Sacheti believes that grocers around the world are getting a “one-time benefit” from the coronavirus-induced lockdown and therefore increased grocery shopping. He adds that margins on some of the e-commerce grocers were actually lower than those of their brick-and-mortar counterparts as a result of delivery costs.

“While their e-commerce revenue was growing, that was lower quality earnings,” he said. “The market was giving them a higher multiple because they look at e-commerce and they think it’s growth-oriented.”

The same thesis applies to his short positions in companies engaged in subscription-based e-commerce distribution or packaged-oriented distribution. He explained that these businesses tend to have had a membership base increase because of COVID-19 but they are very likely to decline when the world reopens. 

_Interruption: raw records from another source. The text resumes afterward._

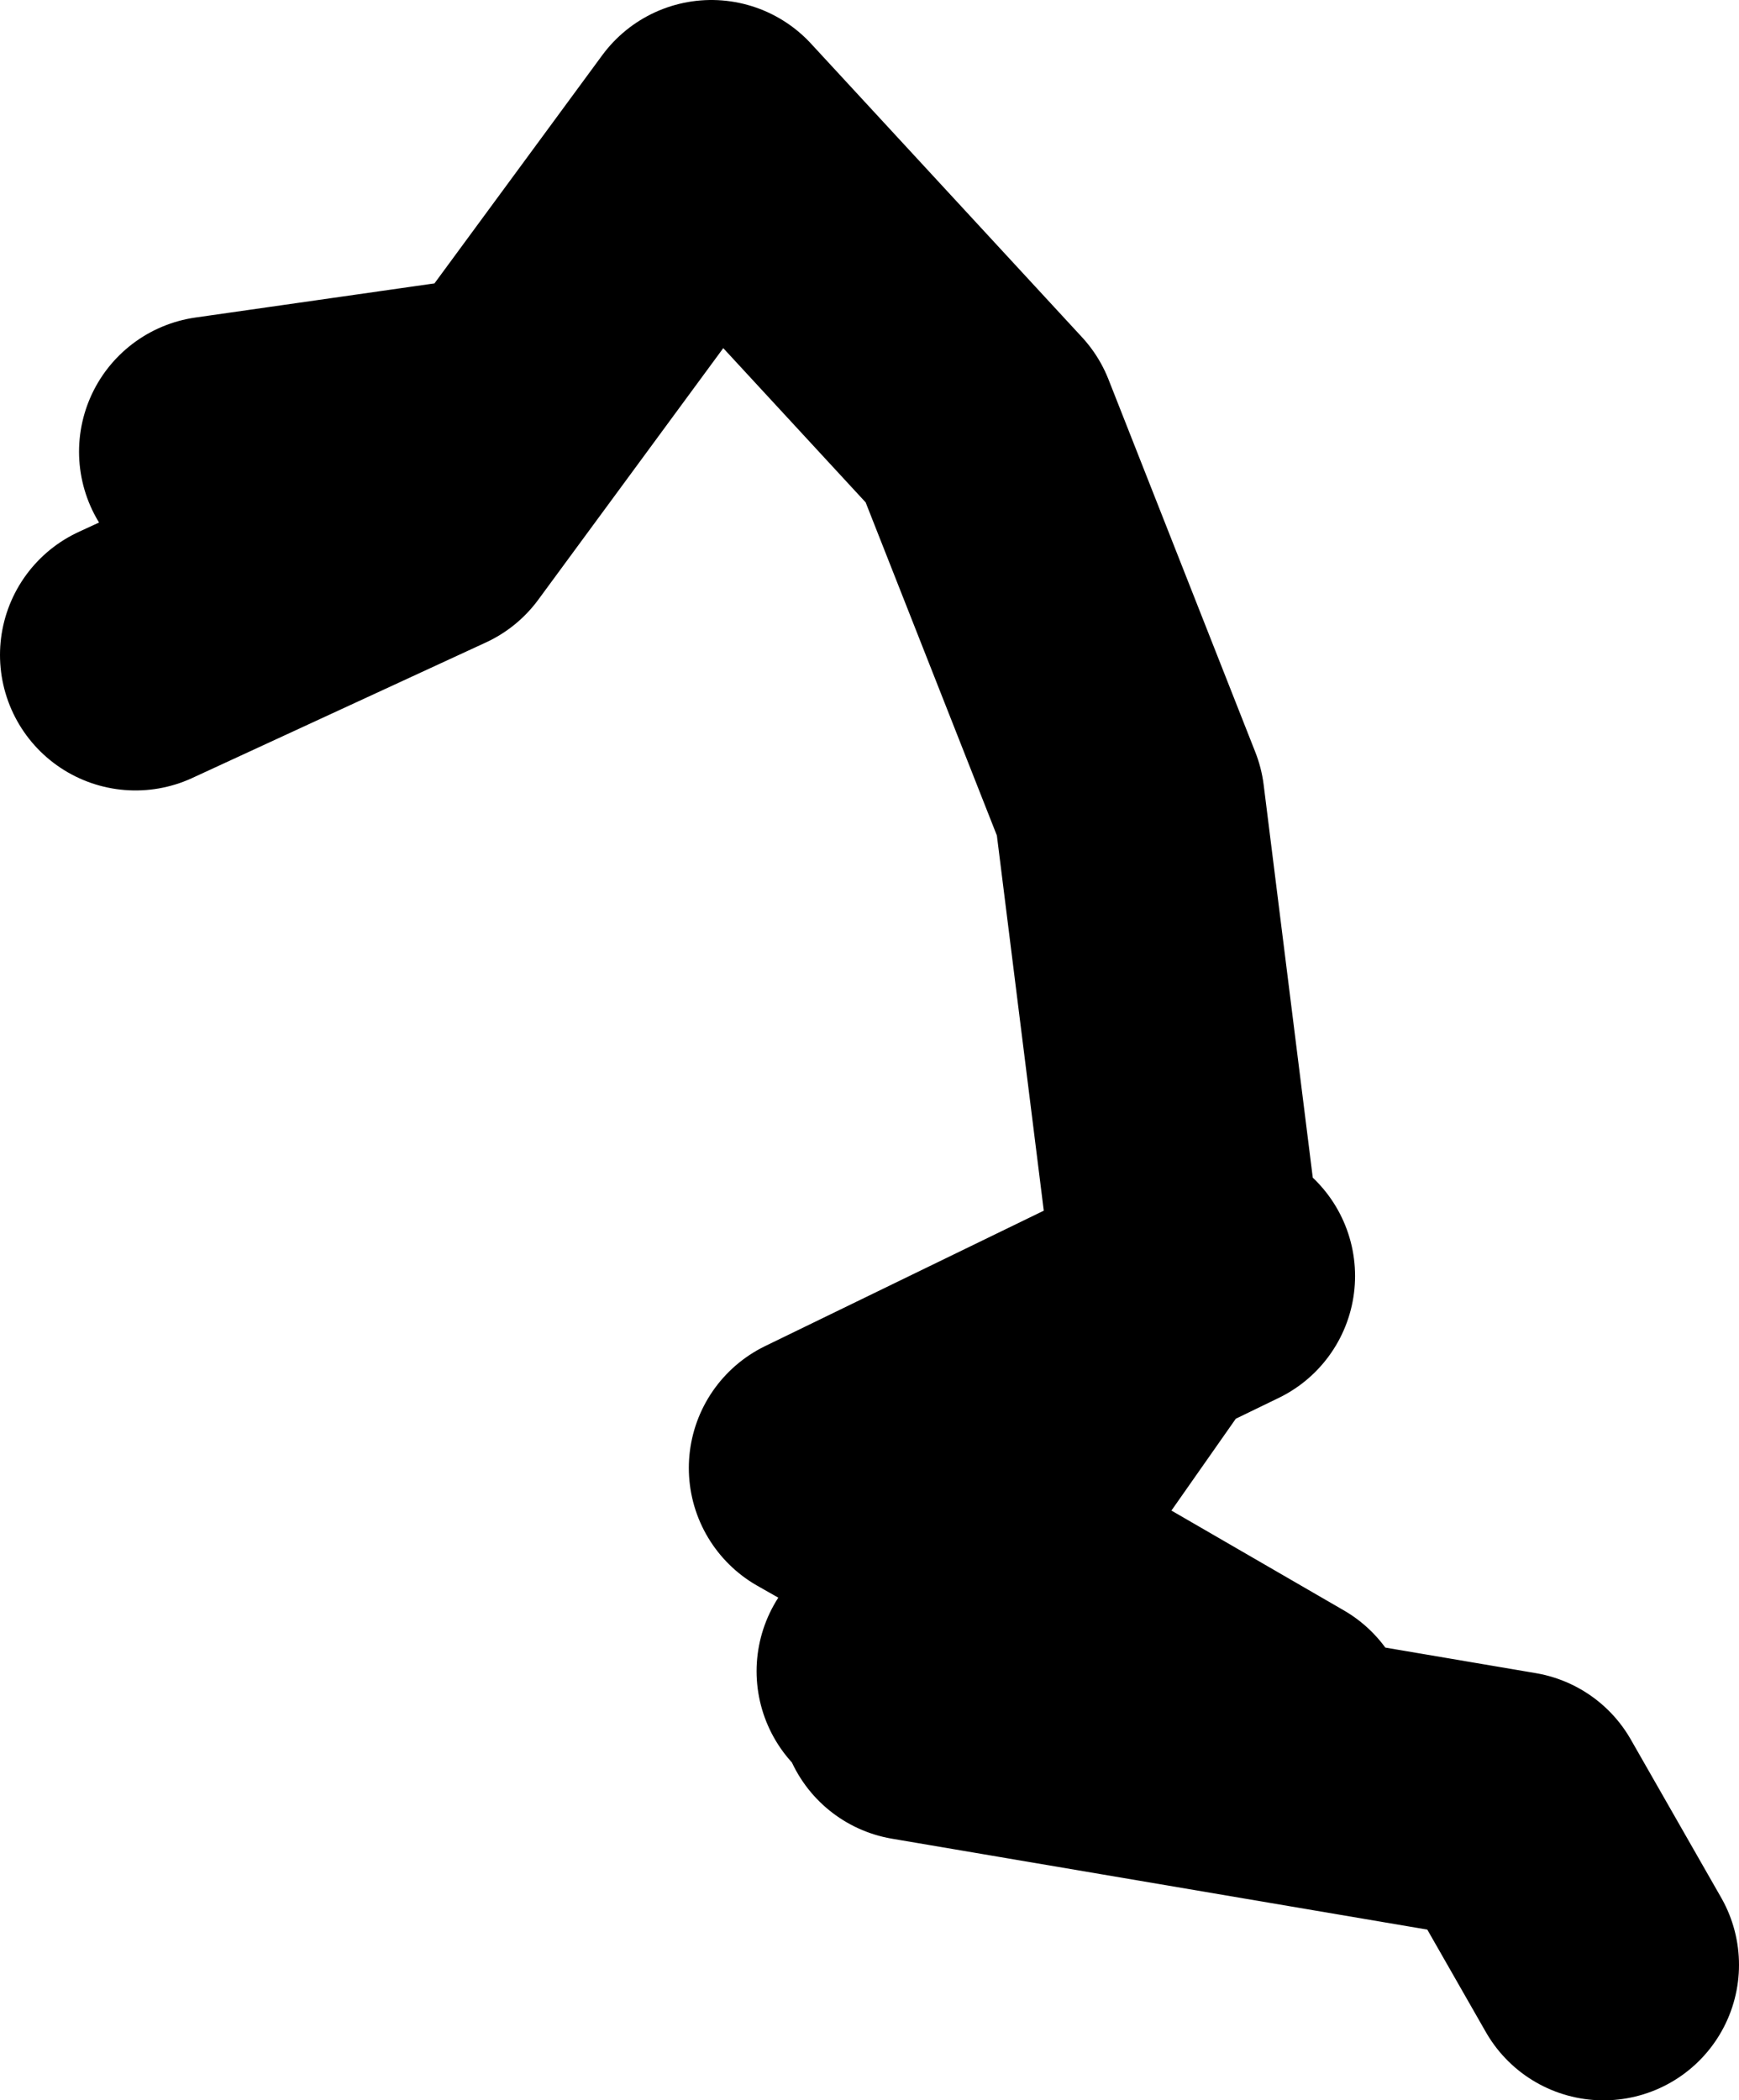 <?xml version="1.0" encoding="UTF-8" standalone="no"?>
<svg xmlns:xlink="http://www.w3.org/1999/xlink" height="46.5px" width="38.5px" xmlns="http://www.w3.org/2000/svg">
  <g transform="matrix(1.0, 0.0, 0.0, 1.0, -19.0, 9.4)">
    <path d="M46.0 18.85 L44.35 19.65 40.6 25.0 47.25 28.85 M38.75 27.6 L40.6 25.0 37.25 23.1 44.35 19.65 45.25 18.35 44.0 8.35 40.75 0.1 34.75 -6.4 28.5 2.1 22.0 5.1 M39.25 28.35 L52.5 30.6 54.5 34.1 M29.0 -0.15 L23.75 0.6" fill="none" stroke="#000000" stroke-linecap="round" stroke-linejoin="round" stroke-width="6.0"/>
  </g>
</svg>
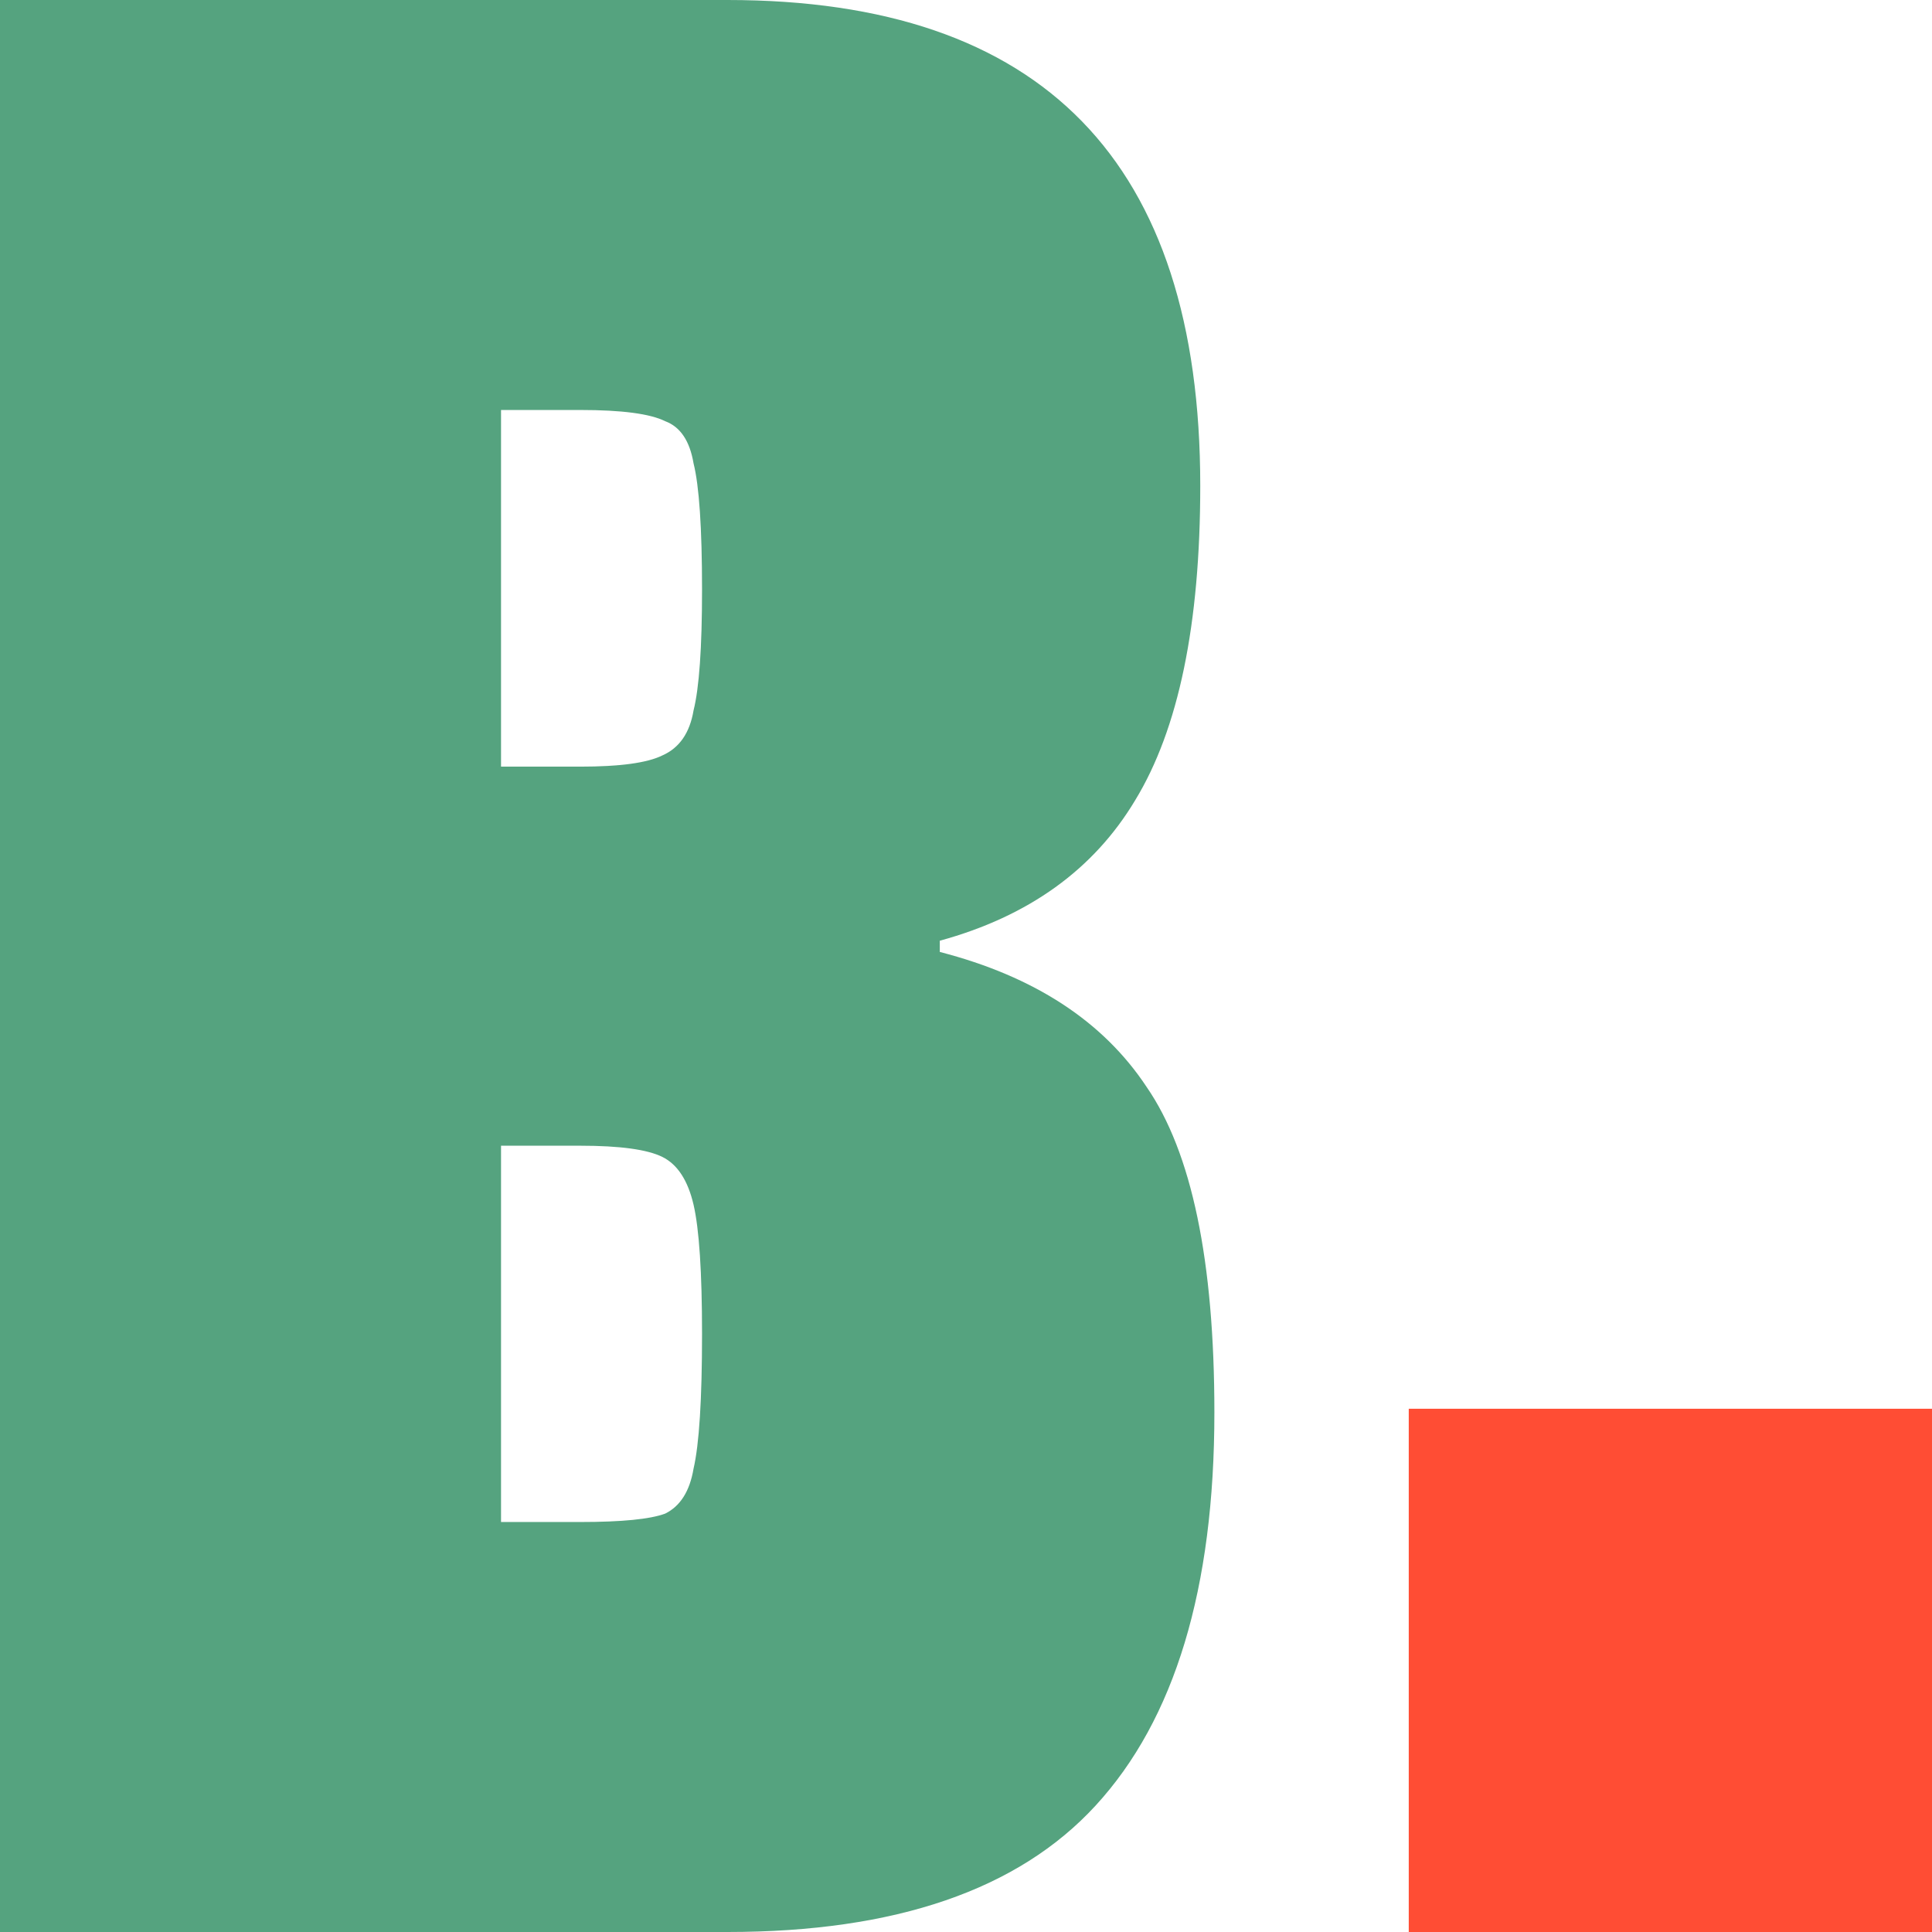 <svg width="48" height="48" viewBox="0 0 48 48" fill="none" xmlns="http://www.w3.org/2000/svg">
<g clip-path="url(#clip0_12_52)">
<path d="M35 48V35H48V48H35Z" fill="#ff4d34"/>
<path d="M0 0H18.075C25.904 0 29.82 4.023 29.82 12.07C29.82 15.512 29.281 18.116 28.202 19.884C27.171 21.605 25.553 22.768 23.349 23.372V23.651C25.694 24.256 27.405 25.372 28.484 27C29.609 28.628 30.171 31.326 30.171 35.093C30.171 39.465 29.187 42.721 27.218 44.861C25.295 46.953 22.247 48 18.075 48H0V0ZM14.418 19.047C15.402 19.047 16.082 18.954 16.457 18.768C16.879 18.582 17.137 18.209 17.231 17.651C17.371 17.093 17.442 16.093 17.442 14.651C17.442 13.117 17.371 12.07 17.231 11.512C17.137 10.954 16.903 10.605 16.527 10.465C16.153 10.279 15.449 10.186 14.418 10.186H12.448V19.047H14.418ZM14.418 37.814C15.449 37.814 16.153 37.744 16.527 37.605C16.903 37.419 17.137 37.047 17.231 36.488C17.371 35.884 17.442 34.767 17.442 33.14C17.442 31.605 17.371 30.535 17.231 29.93C17.09 29.326 16.832 28.93 16.457 28.744C16.082 28.558 15.402 28.465 14.418 28.465H12.448V37.814H14.418Z" fill="#55a37f"/>
</g>
<defs>
<clipPath id="clip0_12_52">
<rect width="48" height="48" fill="white"/>
</clipPath>
</defs>
</svg>

The long portion of Sacheti’s portfolio is perhaps what would be considered a short candidate in conventional thinking. He is bullish about the cable industry even as consumers continue to cut the cord and move onto streaming platforms. 

“As consumers demand more and more data, the cable companies really benefit because they can offer higher and higher speeds for very little incremental capital investments and they have pricing power there,” he said. 

Cord-cutting is potentially another way for cable companies to increase their margins, because the actual cash flow that a video customer generates for a cable company is only $10 to $15 per month, according to Sacheti.

As a result, when a customer cuts the cord, the cable company increases the cost of their data-only package, which is a higher-margin business that adds more to the profit of the cable company than its video business.

“When you lose a video subscriber, you’re actually not losing much actual cash flow, because broadband sort of offsets that,” he said. “It only takes like a year of broadband pricing increases to offset that loss of that cord-cutting video subscriber.”

For cable-specific picks, Sacheti said his fund owns Charter (CHTR) and Liberty Latin America (LILA).